NIO EV Sales (NIO Inc)
The drop in deliveries at the beginning of the year as well as during the second quarter were primarily due to softening demand for electric-vehicles and some customers delaying purchases in order to take advantage of discounts and lower electric-vehicle prices. The improving delivery picture stands in stark contrast to NIO’s stock price trend since the beginning of August. The loss of investor interest, surprisingly, happened just when NIO said that it anticipates an ongoing recovery of its deliveries: For 3Q-23, NIO expects 55-57K deliveries, which reflects an almost 140% QoQ growth rate.
NIO Stock Price (Finviz.com)
Improving Margin Picture As 2Q-23 Showed Upside Momentum On Increased Volumes
Though NIO is seeing an improving delivery trajectory, NIO is facing a new problem that could keep the stock’s upside limited moving forward. Tesla’s price actions, particularly in the first quarter, have resulted in growing profit pressure for NIO, a situation that is not yet resolved.
NIO reported a concerning 1,300 basis point YoY drop in its (vehicle) margins in the first quarter, due to falling prices as well as soft demand.
In the second quarter, however, the margin picture slightly improved: NIO revealed a 2Q-23 (vehicle) margin of 6.2%, reflecting a QoQ improvement of 110 basis points. While the QoQ growth in margins is as promising as it points in the right direction, particularly because it has been achieved at a time of accelerating delivery growth, margins are still low. Thus, NIO’s margins will remain challenged in the short-term as NIO announced a price cut of 30,000 Chinese Yuan (approximately $4,200) as well as a reduction in service levels for new buyers of a NIO electric-vehicle in June. Buyers of an NIO electric-vehicle will no longer receive free battery swapping in the future, making the purchase of an NIO electric-vehicle less appealing to prospective buyers.
Margin compression is a major issue for NIO, particularly since the company is already losing a boatload of money. NIO reported an adjusted net loss of RMB 5.45 billion (US$751.0 million) in the second quarter, reflecting an increase of 140% YoY. NIO’s adjusted net loss adjusts for share-based expenses and losses are unsustainably high.

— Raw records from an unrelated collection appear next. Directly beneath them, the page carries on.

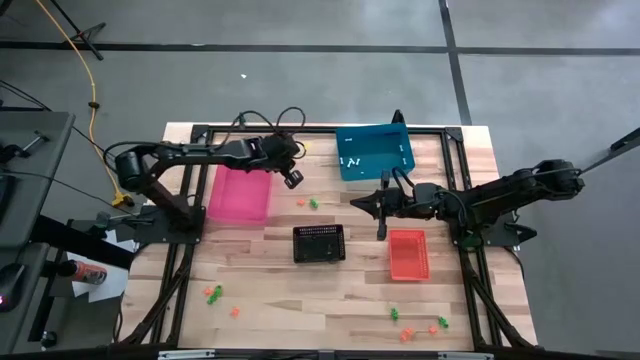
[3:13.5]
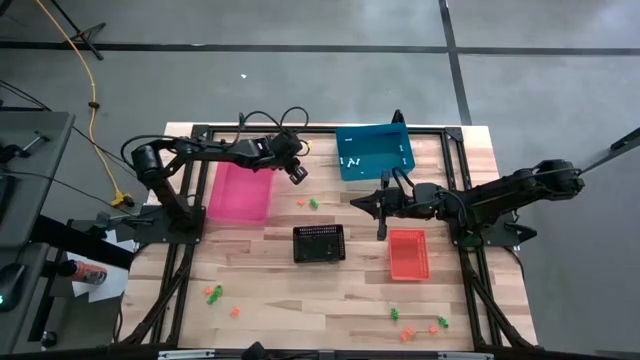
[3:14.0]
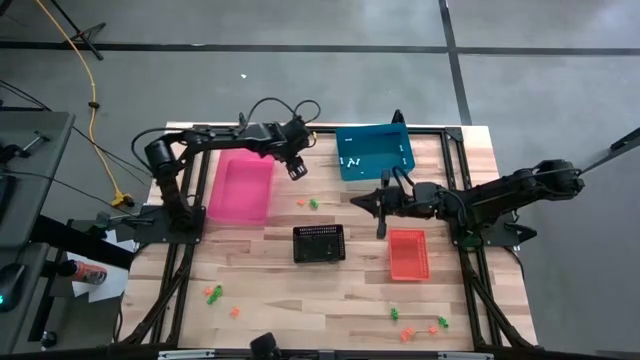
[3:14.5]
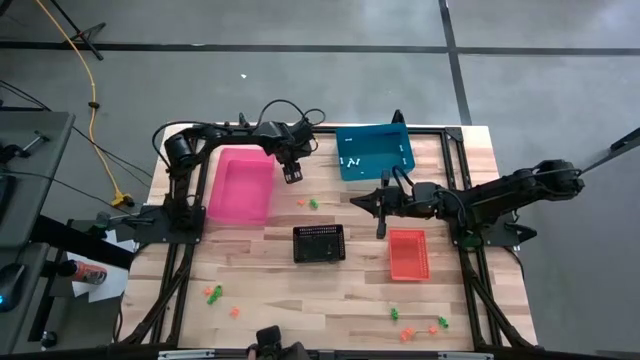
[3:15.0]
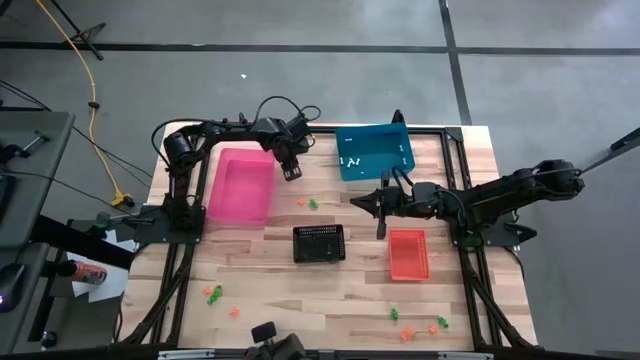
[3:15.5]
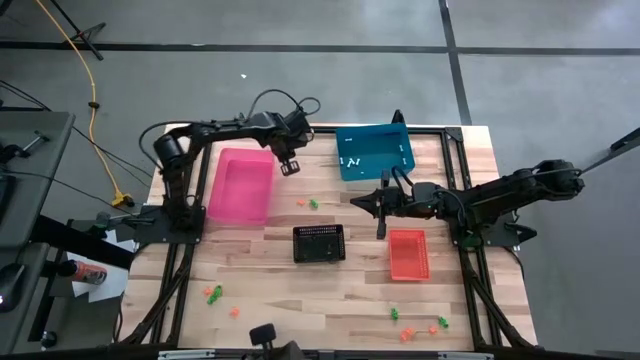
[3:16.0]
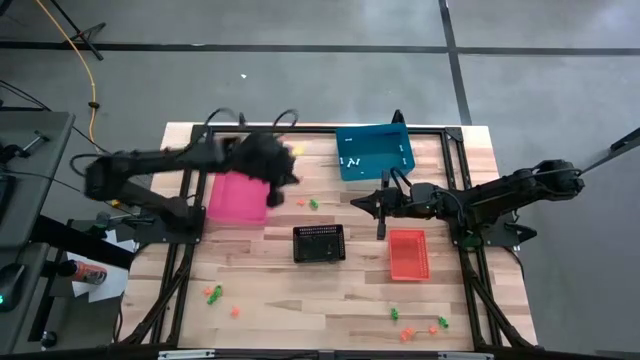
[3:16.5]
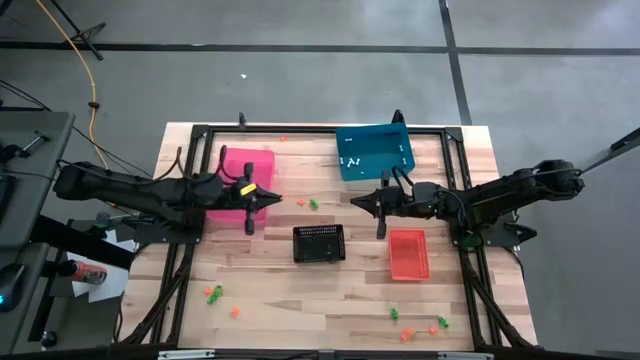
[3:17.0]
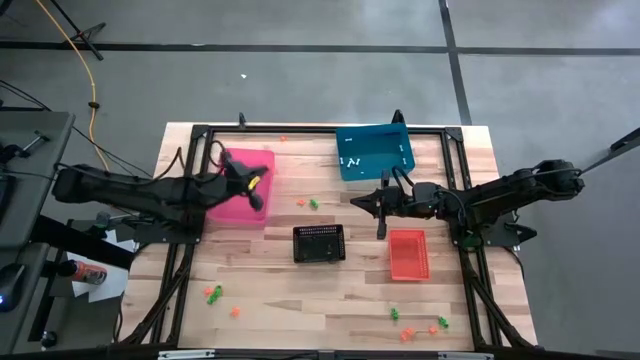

With that said, NIO’s profit margins will remain under pressure in the short-term and an improvement in the margin picture would get me to consider NIO as a Buy moving forward.
NIO Is Now Probably Fairly Valued
My price target on NIO was $10 and NIO’s stock closed at $10.04 last Friday. NIO is presently selling at a P/S ratio of 2.4x which, in my view, is a fair valuation multiple, particularly given NIO's margin situation.
XPeng Inc. (XPEV) and BYD Co. Ltd. (OTCPK:BYDDF) sell at 5.1x and 1.2x sales respectively. I will revisit NIO’s upside case in the event that the margin situation improves.
Data by YCharts
NIO’s margins have taken in 2023, due to cut-throat competition in the electric-vehicle market and NIO, during the second quarter, suffered headwinds to its delivery growth.
With that being said, the situation, and therefore the risk/reward ratio, has improved for NIO because NIO’s 2Q-23 (vehicle) margins experienced QoQ expansion and delivery growth rates in July and August were impressive. If NIO can continue on this trajectory and meet its guidance for 3Q-23, then I could finally be warming up to NIO.
I have been skeptical of NIO in the past because the company was trading at too high a valuation multiple, particularly during the pandemic.
Since NIO is seeing a solid rebound in delivery growth and (vehicle) margins finally saw some uptick momentum in 2Q-23, I am modifying my stock classification to Hold.
If NIO can maintain its current delivery run-rate and improve its (vehicle) margins, I would even be willing to reconsider my Hold classification moving forward.